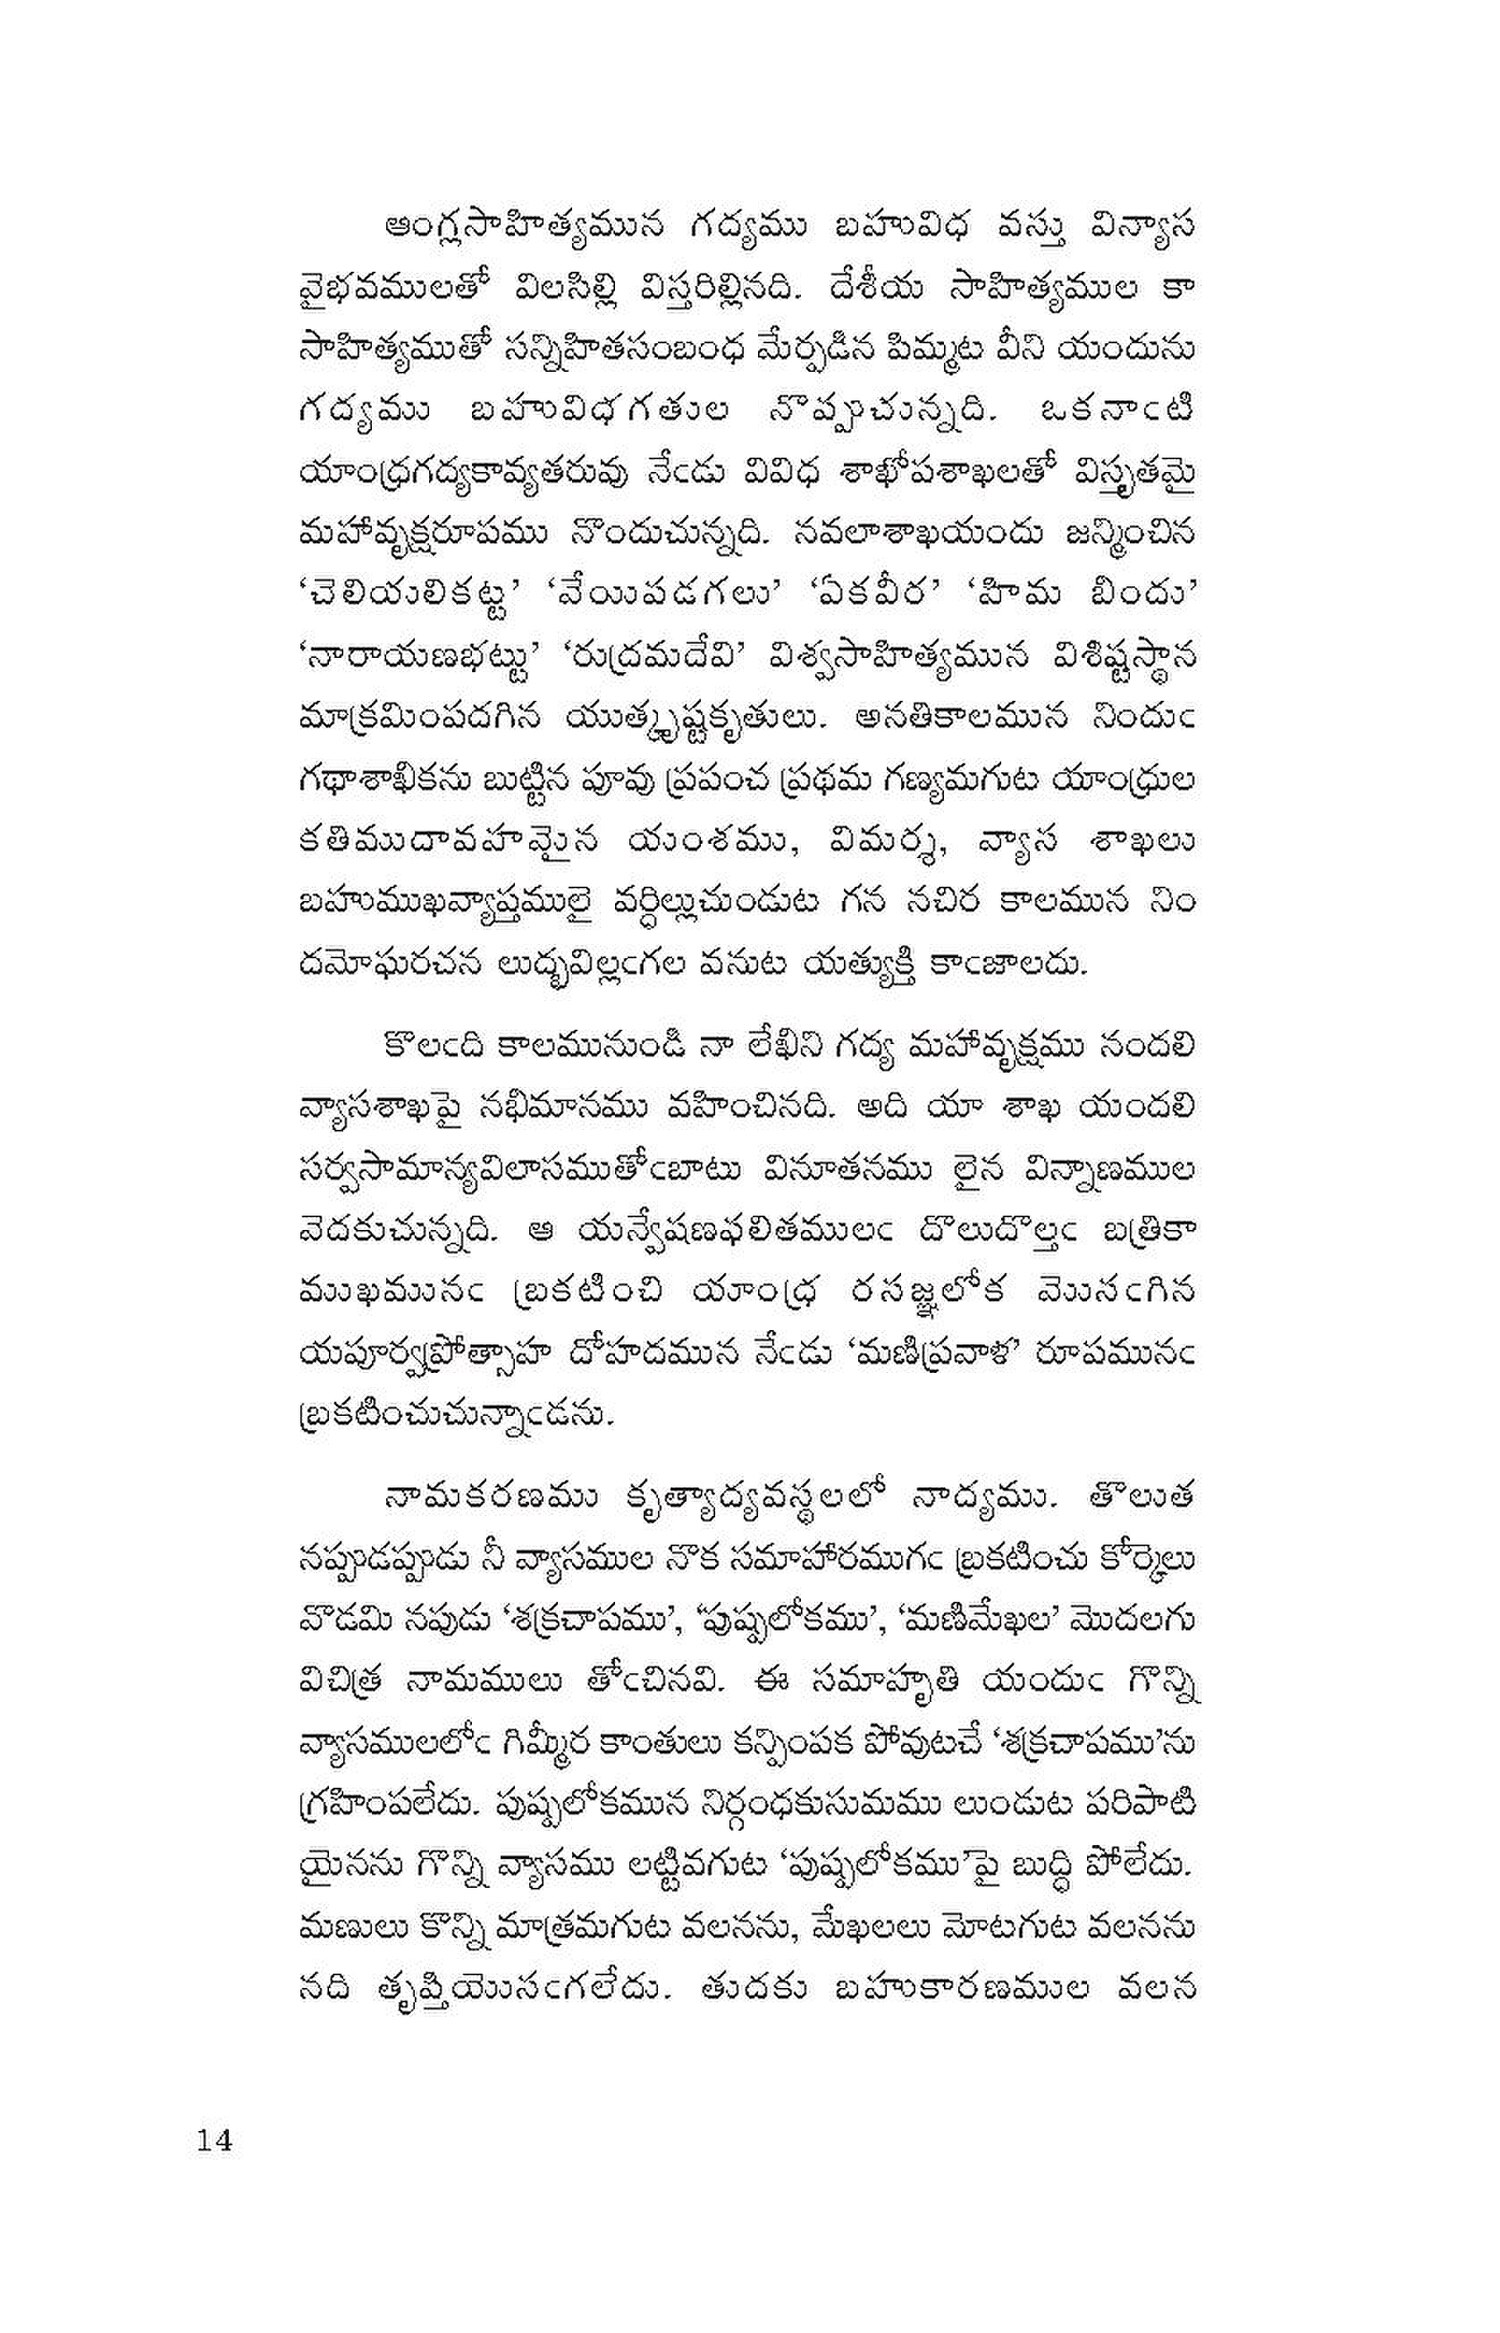ఆంగ్లసాహిత్యమున గద్యము బహువిధ వస్తు విన్యాస వైభవములతో విలసిల్లి విస్తరిల్లినది. దేశీయ సాహిత్యముల కా
సాహిత్యముతో సన్నిహితసంబంధ మేర్పడిన పిమ్మట వీని యందును గద్యము బహువిధగతులు నొప్పుచున్నది. ఒకనాఁటి
యాంధ్రగద్యకావ్యతరువు నేఁడు వివిధ శాఖోపశాఖలతో విస్తృతమై మహావృక్షరూపము నొందుచున్నది. నవలాశాఖయందు జన్మించిన 'చెలియలికట్ట' 'వేయిపడగలు' 'ఏకవీర' 'హిమ బిందు' ‘నారాయణభట్టు' 'రుద్రమదేవి' విశ్వసాహిత్యమున విశిష్టస్థాన మాక్రమింపదగిన యుత్కృష్టకృతులు. అనతికాలమున నిందుఁ గథాశాఖికను బుట్టిన పూవు ప్రపంచ ప్రథమ గణ్యమగుట యాంధ్రుల కతిముదావహమైన యంశము, విమర్శ, వ్యాస శాఖలు బహుముఖవ్యాప్తములై వర్ధిల్లుచుండుట గన నచిర కాలమున నిం దమోఘరచన లుద్భవిల్లఁగల వనుట యత్యుక్తి కాఁజాలదు.

కొలఁది కాలమునుండి నా లేఖిని గద్య మహావృక్షము నందలి వ్యాసశాఖపై నభిమానము వహించినది. అది యా శాఖ యందలి
సర్వసామాన్యవిలాసముతోఁబాటు వినూతనము లైన విన్నాణముల వెదకుచున్నది. ఆ యన్వేషణఫలితములఁ దొలుదొల్తఁ బత్రికా ముఖమునఁ బ్రకటించి యాంధ్ర రసజ్ఞలోక మొనఁగిన యపూర్వప్రోత్సాహ దోహదమున నేఁడు 'మణిప్రవాళ' రూపమునఁ
బ్రకటించుచున్నాఁడను.

నామకరణము కృత్యాద్యవస్థలలో నాద్యము. తొలుత నప్పుడప్పుడు నీ వ్యాసముల నొక సమాహారముగఁ బ్రకటించు కోర్కెలు
వొడమి నపుడు 'శక్రచాపము', 'పుష్పలోకము', 'మణిమేఖల' మొదలగు విచిత్ర నామములు తోఁచినవి. ఈ సమాహృతి యందుఁ గొన్ని వ్యాసములలోఁ గిమ్మీర కాంతులు కన్పింపక పోవుటచే ‘శక్రచాపము”ను గ్రహింపలేదు. పుష్పలోకమున నిర్గంధకుసుమము లుండుట పరిపాటి యైనను గొన్ని వ్యాసము లట్టివగుట 'పుష్పలోకము'పై బుద్ధి పోలేదు. మణులు కొన్ని మాత్రమగుట వలనను, మేఖలలు మోటగుట వలనను నది తృప్తి యొసఁగలేదు. తుదకు బహుకారణముల వలన

__________________________________________________

**INSTRUCTIONS TO FOLLOW:**
Only one thing is wanted here, an exact copy of the lines from the first line above through the line containing "కొలఁది కాలమునుండి నా", minus any picture.

**EXPECTED ANSWER:**
ఆంగ్లసాహిత్యమున గద్యము బహువిధ వస్తు విన్యాస వైభవములతో విలసిల్లి విస్తరిల్లినది. దేశీయ సాహిత్యముల కా
సాహిత్యముతో సన్నిహితసంబంధ మేర్పడిన పిమ్మట వీని యందును గద్యము బహువిధగతులు నొప్పుచున్నది. ఒకనాఁటి
యాంధ్రగద్యకావ్యతరువు నేఁడు వివిధ శాఖోపశాఖలతో విస్తృతమై మహావృక్షరూపము నొందుచున్నది. నవలాశాఖయందు జన్మించిన 'చెలియలికట్ట' 'వేయిపడగలు' 'ఏకవీర' 'హిమ బిందు' ‘నారాయణభట్టు' 'రుద్రమదేవి' విశ్వసాహిత్యమున విశిష్టస్థాన మాక్రమింపదగిన యుత్కృష్టకృతులు. అనతికాలమున నిందుఁ గథాశాఖికను బుట్టిన పూవు ప్రపంచ ప్రథమ గణ్యమగుట యాంధ్రుల కతిముదావహమైన యంశము, విమర్శ, వ్యాస శాఖలు బహుముఖవ్యాప్తములై వర్ధిల్లుచుండుట గన నచిర కాలమున నిం దమోఘరచన లుద్భవిల్లఁగల వనుట యత్యుక్తి కాఁజాలదు.

కొలఁది కాలమునుండి నా లేఖిని గద్య మహావృక్షము నందలి వ్యాసశాఖపై నభిమానము వహించినది. అది యా శాఖ యందలి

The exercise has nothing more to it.